▶ _WHAT THIS TASK INVOLVES_
From the data underneath, reproduce exactly the stretch that begins at the line with "main class: Cropland" and ends after the line with "longitude: 24.5441".

-- INPUT follows --

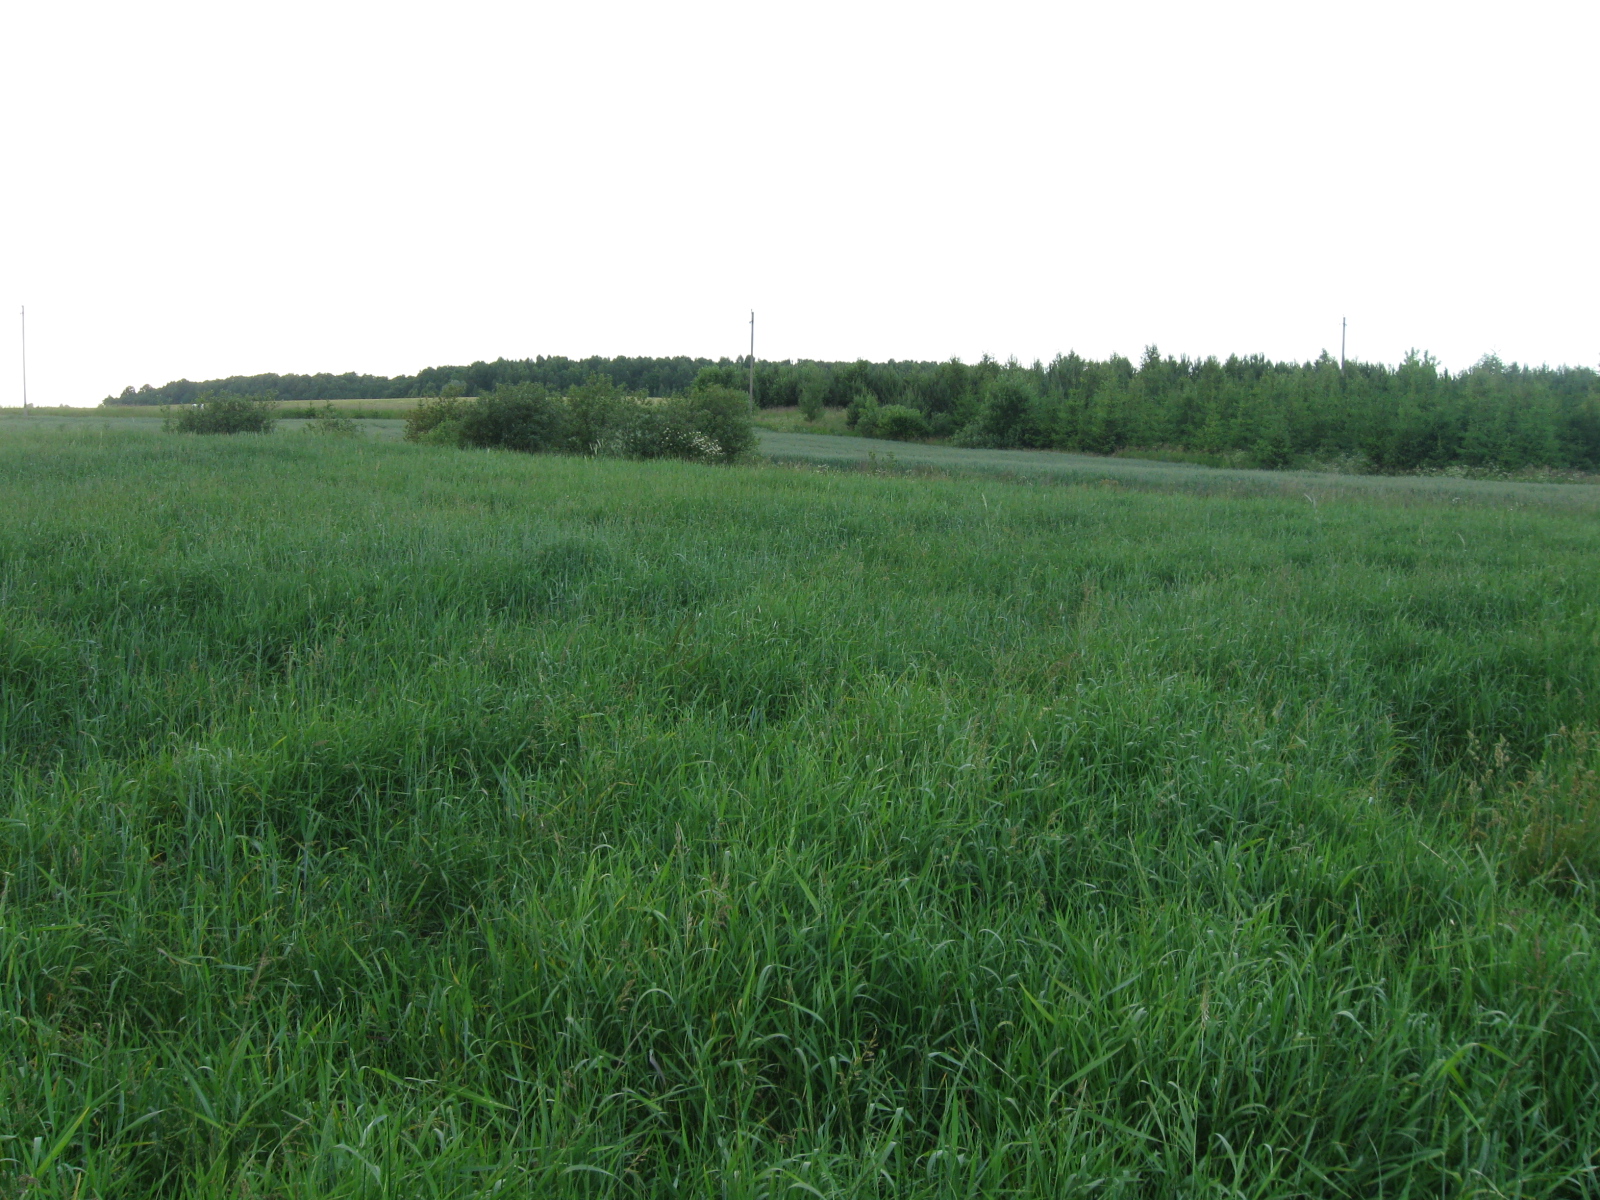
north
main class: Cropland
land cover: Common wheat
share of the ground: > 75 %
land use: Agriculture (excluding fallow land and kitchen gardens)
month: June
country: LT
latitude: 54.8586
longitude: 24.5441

-- INPUT concluded --
-- INPUT follows --

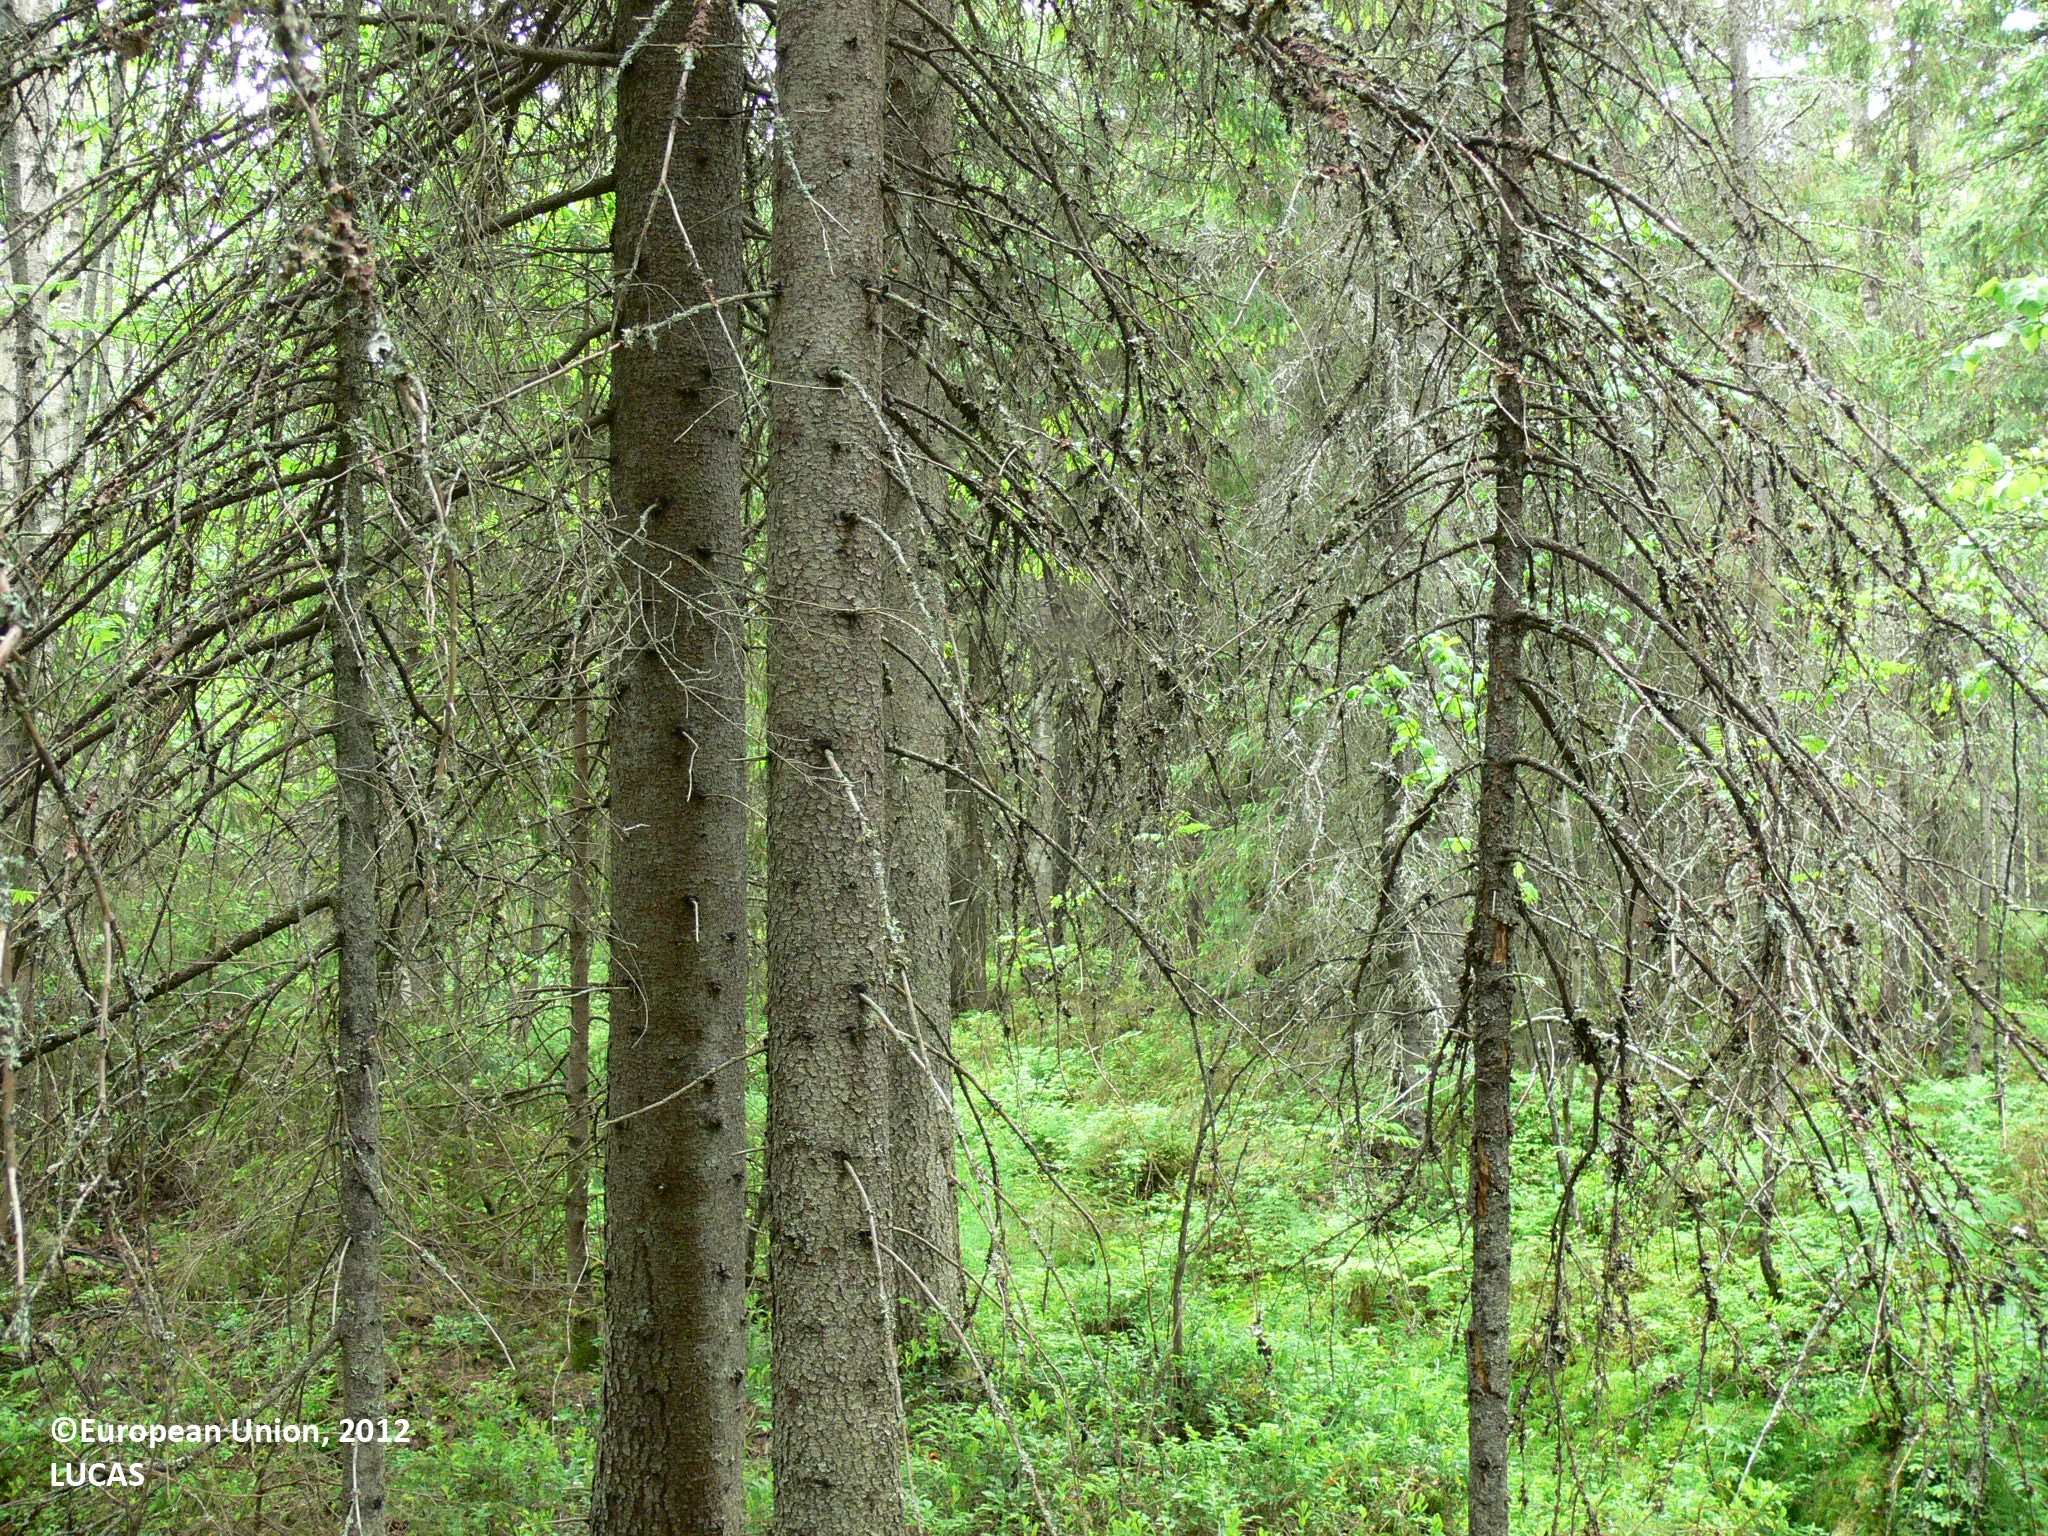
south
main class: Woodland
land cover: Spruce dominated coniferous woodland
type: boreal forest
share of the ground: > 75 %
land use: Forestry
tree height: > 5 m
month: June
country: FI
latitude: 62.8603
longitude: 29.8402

-- INPUT concluded --

▶ _TASK RESPONSE_
main class: Cropland
land cover: Common wheat
share of the ground: > 75 %
land use: Agriculture (excluding fallow land and kitchen gardens)
month: June
country: LT
latitude: 54.8586
longitude: 24.5441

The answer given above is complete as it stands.